AIM OF THE EXERCISE — Down to the last line below, give the listing again exactly.

EXERCISE MATERIAL —
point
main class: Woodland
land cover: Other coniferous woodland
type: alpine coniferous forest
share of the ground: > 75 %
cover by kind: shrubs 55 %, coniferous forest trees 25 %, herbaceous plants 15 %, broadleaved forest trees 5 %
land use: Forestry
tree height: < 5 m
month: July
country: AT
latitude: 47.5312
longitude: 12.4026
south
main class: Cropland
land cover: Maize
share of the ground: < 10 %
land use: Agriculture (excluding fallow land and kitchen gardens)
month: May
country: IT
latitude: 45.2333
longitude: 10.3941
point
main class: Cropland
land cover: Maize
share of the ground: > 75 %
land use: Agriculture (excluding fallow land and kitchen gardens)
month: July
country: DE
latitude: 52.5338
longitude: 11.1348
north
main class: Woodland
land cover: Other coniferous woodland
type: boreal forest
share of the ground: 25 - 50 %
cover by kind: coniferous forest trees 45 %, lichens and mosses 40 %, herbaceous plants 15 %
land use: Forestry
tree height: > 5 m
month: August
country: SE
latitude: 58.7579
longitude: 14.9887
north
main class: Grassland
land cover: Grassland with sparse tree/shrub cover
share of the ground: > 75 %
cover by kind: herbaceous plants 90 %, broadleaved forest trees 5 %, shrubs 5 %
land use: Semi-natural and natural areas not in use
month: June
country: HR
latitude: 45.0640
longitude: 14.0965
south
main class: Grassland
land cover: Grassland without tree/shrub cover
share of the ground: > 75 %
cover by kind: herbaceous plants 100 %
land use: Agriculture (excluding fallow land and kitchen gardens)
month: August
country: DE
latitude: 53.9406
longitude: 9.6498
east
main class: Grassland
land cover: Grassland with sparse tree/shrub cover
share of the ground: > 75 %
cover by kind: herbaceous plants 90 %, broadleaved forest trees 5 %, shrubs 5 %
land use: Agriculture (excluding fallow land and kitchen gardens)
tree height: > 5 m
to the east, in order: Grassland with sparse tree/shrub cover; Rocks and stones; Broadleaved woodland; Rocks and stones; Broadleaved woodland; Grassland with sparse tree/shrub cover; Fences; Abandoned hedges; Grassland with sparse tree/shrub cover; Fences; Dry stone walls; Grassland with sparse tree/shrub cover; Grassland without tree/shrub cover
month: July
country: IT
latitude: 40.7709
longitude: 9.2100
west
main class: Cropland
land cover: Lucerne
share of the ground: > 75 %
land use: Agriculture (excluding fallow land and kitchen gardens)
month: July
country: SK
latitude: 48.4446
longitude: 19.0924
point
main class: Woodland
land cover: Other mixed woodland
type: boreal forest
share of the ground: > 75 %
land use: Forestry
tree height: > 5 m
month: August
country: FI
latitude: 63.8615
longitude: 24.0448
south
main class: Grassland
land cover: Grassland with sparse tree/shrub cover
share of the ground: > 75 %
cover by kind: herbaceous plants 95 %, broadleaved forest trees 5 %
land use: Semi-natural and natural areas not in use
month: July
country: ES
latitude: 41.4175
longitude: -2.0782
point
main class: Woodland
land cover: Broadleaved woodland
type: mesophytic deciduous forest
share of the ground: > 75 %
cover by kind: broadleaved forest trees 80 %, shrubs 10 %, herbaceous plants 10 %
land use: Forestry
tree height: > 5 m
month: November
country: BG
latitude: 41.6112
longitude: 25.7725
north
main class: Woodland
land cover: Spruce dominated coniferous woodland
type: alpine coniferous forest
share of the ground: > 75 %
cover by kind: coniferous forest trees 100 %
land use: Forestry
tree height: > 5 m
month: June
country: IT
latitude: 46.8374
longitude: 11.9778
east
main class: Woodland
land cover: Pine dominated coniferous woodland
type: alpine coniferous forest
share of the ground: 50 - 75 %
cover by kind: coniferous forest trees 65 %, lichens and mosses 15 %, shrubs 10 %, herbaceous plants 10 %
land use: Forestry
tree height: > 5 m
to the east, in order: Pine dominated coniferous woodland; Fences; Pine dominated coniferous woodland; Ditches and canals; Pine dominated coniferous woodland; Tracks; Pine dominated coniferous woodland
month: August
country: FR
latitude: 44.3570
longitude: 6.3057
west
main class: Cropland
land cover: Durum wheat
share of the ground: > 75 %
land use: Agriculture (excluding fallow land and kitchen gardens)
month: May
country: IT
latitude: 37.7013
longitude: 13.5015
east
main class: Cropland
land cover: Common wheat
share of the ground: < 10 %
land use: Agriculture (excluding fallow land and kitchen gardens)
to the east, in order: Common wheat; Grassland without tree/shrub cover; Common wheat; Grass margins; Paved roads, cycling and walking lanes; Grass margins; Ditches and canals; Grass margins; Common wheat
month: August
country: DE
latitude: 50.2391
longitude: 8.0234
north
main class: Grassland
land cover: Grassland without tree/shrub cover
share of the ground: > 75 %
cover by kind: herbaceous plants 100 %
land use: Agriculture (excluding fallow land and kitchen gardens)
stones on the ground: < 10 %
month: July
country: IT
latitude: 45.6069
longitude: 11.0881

RESULT —
point
main class: Woodland
land cover: Other coniferous woodland
type: alpine coniferous forest
share of the ground: > 75 %
cover by kind: shrubs 55 %, coniferous forest trees 25 %, herbaceous plants 15 %, broadleaved forest trees 5 %
land use: Forestry
tree height: < 5 m
month: July
country: AT
latitude: 47.5312
longitude: 12.4026
south
main class: Cropland
land cover: Maize
share of the ground: < 10 %
land use: Agriculture (excluding fallow land and kitchen gardens)
month: May
country: IT
latitude: 45.2333
longitude: 10.3941
point
main class: Cropland
land cover: Maize
share of the ground: > 75 %
land use: Agriculture (excluding fallow land and kitchen gardens)
month: July
country: DE
latitude: 52.5338
longitude: 11.1348
north
main class: Woodland
land cover: Other coniferous woodland
type: boreal forest
share of the ground: 25 - 50 %
cover by kind: coniferous forest trees 45 %, lichens and mosses 40 %, herbaceous plants 15 %
land use: Forestry
tree height: > 5 m
month: August
country: SE
latitude: 58.7579
longitude: 14.9887
north
main class: Grassland
land cover: Grassland with sparse tree/shrub cover
share of the ground: > 75 %
cover by kind: herbaceous plants 90 %, broadleaved forest trees 5 %, shrubs 5 %
land use: Semi-natural and natural areas not in use
month: June
country: HR
latitude: 45.0640
longitude: 14.0965
south
main class: Grassland
land cover: Grassland without tree/shrub cover
share of the ground: > 75 %
cover by kind: herbaceous plants 100 %
land use: Agriculture (excluding fallow land and kitchen gardens)
month: August
country: DE
latitude: 53.9406
longitude: 9.6498
east
main class: Grassland
land cover: Grassland with sparse tree/shrub cover
share of the ground: > 75 %
cover by kind: herbaceous plants 90 %, broadleaved forest trees 5 %, shrubs 5 %
land use: Agriculture (excluding fallow land and kitchen gardens)
tree height: > 5 m
to the east, in order: Grassland with sparse tree/shrub cover; Rocks and stones; Broadleaved woodland; Rocks and stones; Broadleaved woodland; Grassland with sparse tree/shrub cover; Fences; Abandoned hedges; Grassland with sparse tree/shrub cover; Fences; Dry stone walls; Grassland with sparse tree/shrub cover; Grassland without tree/shrub cover
month: July
country: IT
latitude: 40.7709
longitude: 9.2100
west
main class: Cropland
land cover: Lucerne
share of the ground: > 75 %
land use: Agriculture (excluding fallow land and kitchen gardens)
month: July
country: SK
latitude: 48.4446
longitude: 19.0924
point
main class: Woodland
land cover: Other mixed woodland
type: boreal forest
share of the ground: > 75 %
land use: Forestry
tree height: > 5 m
month: August
country: FI
latitude: 63.8615
longitude: 24.0448
south
main class: Grassland
land cover: Grassland with sparse tree/shrub cover
share of the ground: > 75 %
cover by kind: herbaceous plants 95 %, broadleaved forest trees 5 %
land use: Semi-natural and natural areas not in use
month: July
country: ES
latitude: 41.4175
longitude: -2.0782
point
main class: Woodland
land cover: Broadleaved woodland
type: mesophytic deciduous forest
share of the ground: > 75 %
cover by kind: broadleaved forest trees 80 %, shrubs 10 %, herbaceous plants 10 %
land use: Forestry
tree height: > 5 m
month: November
country: BG
latitude: 41.6112
longitude: 25.7725
north
main class: Woodland
land cover: Spruce dominated coniferous woodland
type: alpine coniferous forest
share of the ground: > 75 %
cover by kind: coniferous forest trees 100 %
land use: Forestry
tree height: > 5 m
month: June
country: IT
latitude: 46.8374
longitude: 11.9778
east
main class: Woodland
land cover: Pine dominated coniferous woodland
type: alpine coniferous forest
share of the ground: 50 - 75 %
cover by kind: coniferous forest trees 65 %, lichens and mosses 15 %, shrubs 10 %, herbaceous plants 10 %
land use: Forestry
tree height: > 5 m
to the east, in order: Pine dominated coniferous woodland; Fences; Pine dominated coniferous woodland; Ditches and canals; Pine dominated coniferous woodland; Tracks; Pine dominated coniferous woodland
month: August
country: FR
latitude: 44.3570
longitude: 6.3057
west
main class: Cropland
land cover: Durum wheat
share of the ground: > 75 %
land use: Agriculture (excluding fallow land and kitchen gardens)
month: May
country: IT
latitude: 37.7013
longitude: 13.5015
east
main class: Cropland
land cover: Common wheat
share of the ground: < 10 %
land use: Agriculture (excluding fallow land and kitchen gardens)
to the east, in order: Common wheat; Grassland without tree/shrub cover; Common wheat; Grass margins; Paved roads, cycling and walking lanes; Grass margins; Ditches and canals; Grass margins; Common wheat
month: August
country: DE
latitude: 50.2391
longitude: 8.0234
north
main class: Grassland
land cover: Grassland without tree/shrub cover
share of the ground: > 75 %
cover by kind: herbaceous plants 100 %
land use: Agriculture (excluding fallow land and kitchen gardens)
stones on the ground: < 10 %
month: July
country: IT
latitude: 45.6069
longitude: 11.0881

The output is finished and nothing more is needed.